You can try Lexol leather cleaner first if you like. If that does not work to your satisfaction then you may want to try RenoMat. If you are too aggressive with RenoMat you can also remove the leather finish, so keep that in mind if you use it.

 

Really appreciate it, i'll certainly be erring on the side of caution

post #6872 of 12413

After polishing my shoes, i noticed the parts of the leather where profound creases were began to look like this. Is this is the consequence of too much polish in a heavily wearing area which causes the excess polish to crack? If so, is there any way to remove the polish? I've heard of people using nail polish remover to strip polish from shoes but i'm a bit scared of it. Any feedback would be great. Also, please excuse the phone quality photos. 

 

 

  

post #6873 of 12413

There's a cobbler in town who sells shit that people don't come back for. Problem is, rack after rack of this stuff is displayed in almost direct sunlight. He's on the same side of the street that I park for work, and I've been passing the same shoes for over a year. So most of the shoes are faded, but beyond dry leather, they're fine.

 

Barring worse damage, can I re-stain a faded shoe and bring it back?

post #6874 of 12413

" This also means that I won't buy in a particular price range or shoes made by a particular range of makers."

 

Hello Glenjay. First of all, I can't afford shoes in the region of £400 and above, so that rules out my experiencing the comfort of shoes in the upper price bracket. I certainly didn't mean to infer that higher priced shoes are bought only for their looks.

 

My experience has been that  shoes in lower price brackets, not made by companies well known for making the best shoes, can also be very comfortable and look good.  Thus by suggesting I won't buy in a particular price range, I am really referring to not buying in the higher price range but the lower.

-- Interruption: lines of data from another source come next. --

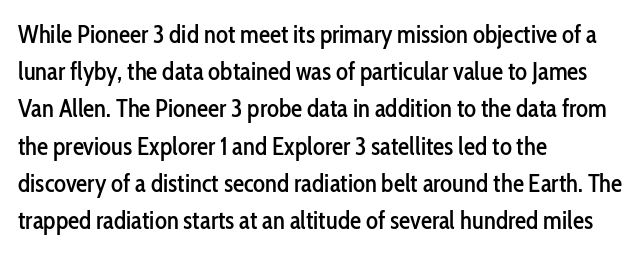
The image shows 25 px text type, upright; set left-aligned, normal line spacing (1.49x), normal letter spacing, not underlined.
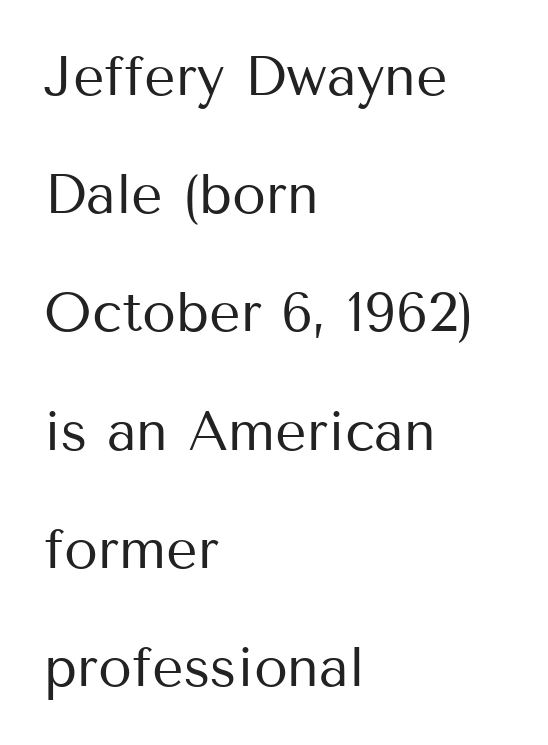
Q: Is the text bold? A: No.
Q: Is the text italic (slanted)? A: No, it is upright.
Q: Is the typeface a serif or a sans-serif typeface? A: Sans-serif.
Q: Is the text underlined? A: No.
Q: How is the paragraph aligned? A: Left-aligned.
Q: Is the spacing between letters normal or unusually wide? A: Normal.
Q: Is the spacing between lines tight, normal or loose? A: Loose.
Q: Width (condensed, normal, or wide)? A: Normal.
Q: Stroke contrast? A: Medium.
Q: x-height? A: Medium.
Q: Monospaced? A: No.
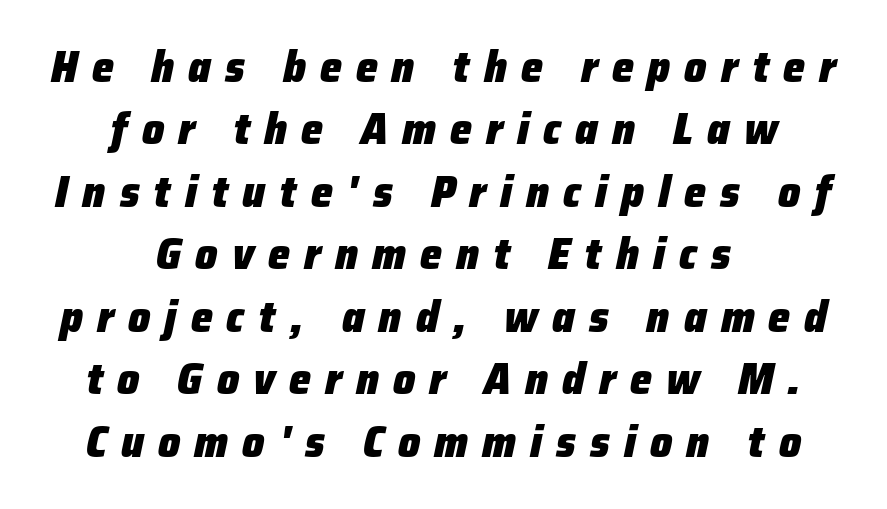
Is the block centered? Yes — each line is placed symmetrically about the middle. Slant detected: the letters are inclined. In terms of leading, this rendering sits right in the middle. The passage shown is typed in a proportional face where columns would drift.
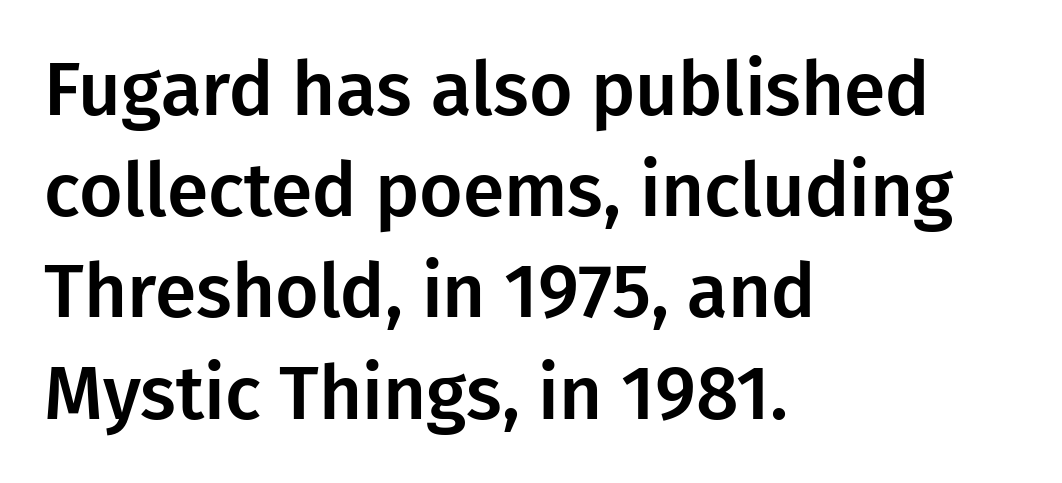
{"serif": "no", "italic": "no", "width": "normal", "stroke_contrast": "low", "x_height": "medium", "monospaced": "no", "underline": "no", "align": "left", "line_spacing": "normal", "line_spacing_ratio": 1.35, "letter_spacing": "normal", "letter_spacing_em": 0.0, "glyph_px": 75}
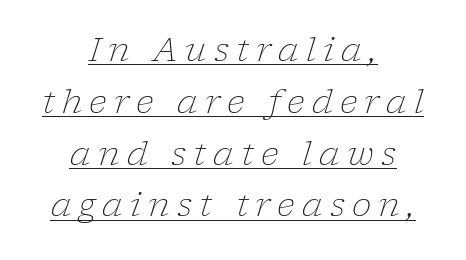
{"serif": "yes", "italic": "yes", "lean": "right", "slant_degrees": 17, "bold": "no", "weight": "light", "width": "normal", "stroke_contrast": "low", "x_height": "medium", "monospaced": "no", "underline": "yes", "align": "center", "line_spacing": "normal", "line_spacing_ratio": 1.57, "letter_spacing": "wide", "letter_spacing_em": 0.22, "glyph_px": 33}
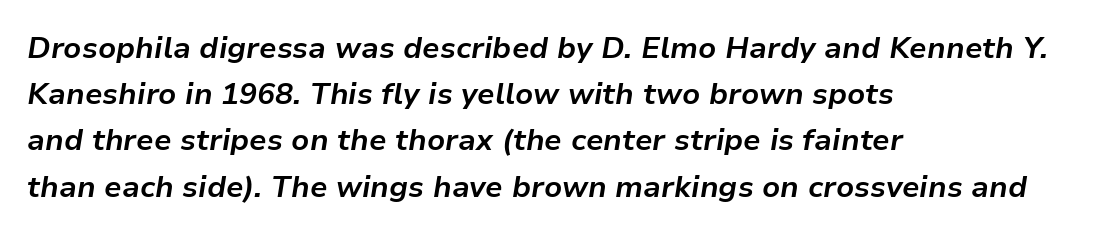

And I won't, particularly, look for 'names'. As you suggested: "I think it comes down to finding the best fit within your budget". That sums up my position.

 

I hope the day never comes when I wear velcro fastening shoes! Thanks and best wishes for your message. 

post #6875 of 12413
Quote:
Originally Posted by jerryberry View Post
 

After polishing my shoes, i noticed the parts of the leather where profound creases were began to look like this. Is this is the consequence of too much polish in a heavily wearing area which causes the excess polish to crack? If so, is there any way to remove the polish? I've heard of people using nail polish remover to strip polish from shoes but i'm a bit scared of it. Any feedback would be great. Also, please excuse the phone quality photos.

 

 

  

from the photos these marks across the creasing looks like build up polish braking!! for cleaning try to use lexol leather cleaner or renovateur and if this wont work for you go with the renomat!! leave the acetone(nail polish remover) as the last measure cause it the most aggressive !! i think with the first group of products you ll be fine:happy:

 

Quote:
Originally Posted by Lirum View Post
 

There's a cobbler in town who sells shit that people don't come back for. Problem is, rack after rack of this stuff is displayed in almost direct sunlight. He's on the same side of the street that I park for work, and I've been passing the same shoes for over a year. So most of the shoes are faded, but beyond dry leather, they're fine.

 

Barring worse damage, can I re-stain a faded shoe and bring it back?

for the bolded words: i cant understand how this is possible but ok!!

 

yes you can!! its quite easy!! you can do it by using a cream polish with matching color or with dye! dont forget to condition shoes before wearing them!!

 

btw most of the time only by the use of a conditioner(renovateur-lexol-1909 leather cream) the faded color(most of the time looks like that from dryness) comes back close to the original color with some patina!! so i recommend do that first and if you are not satisfied witht the outcome go with the other way!!

post #6876 of 12413
Quote:
Originally Posted by masernaut View Post
 

 

It's hard to describe the scent, but I don't find it 'rancid.' It smells very oily- like a blend of olive oil and mustard oil. 

I tried to pop open the bottle and it squeezed a bit of conditioner on my hand. That's all I can smell now, haha.

 

Thank you for your answer. I come to the conclusion that both bottles are old and therefore smell funny. I like how the Lexol works but turnaround time seems to be a problem in Europe. I will try to order from UK.

 

Again, thanks for taking the time to check.

 

Florian

post #6877 of 12413

Are the creases in the shoes, in the photos above, posted by Jerryberry ones that fairly naturally occur in corrected grain shoes?

post #6878 of 12413
Quote:
Originally Posted by Munky View Post
 

Are the creases in the shoes, in the photos above, posted by Jerryberry ones that fairly naturally occur in corrected grain shoes?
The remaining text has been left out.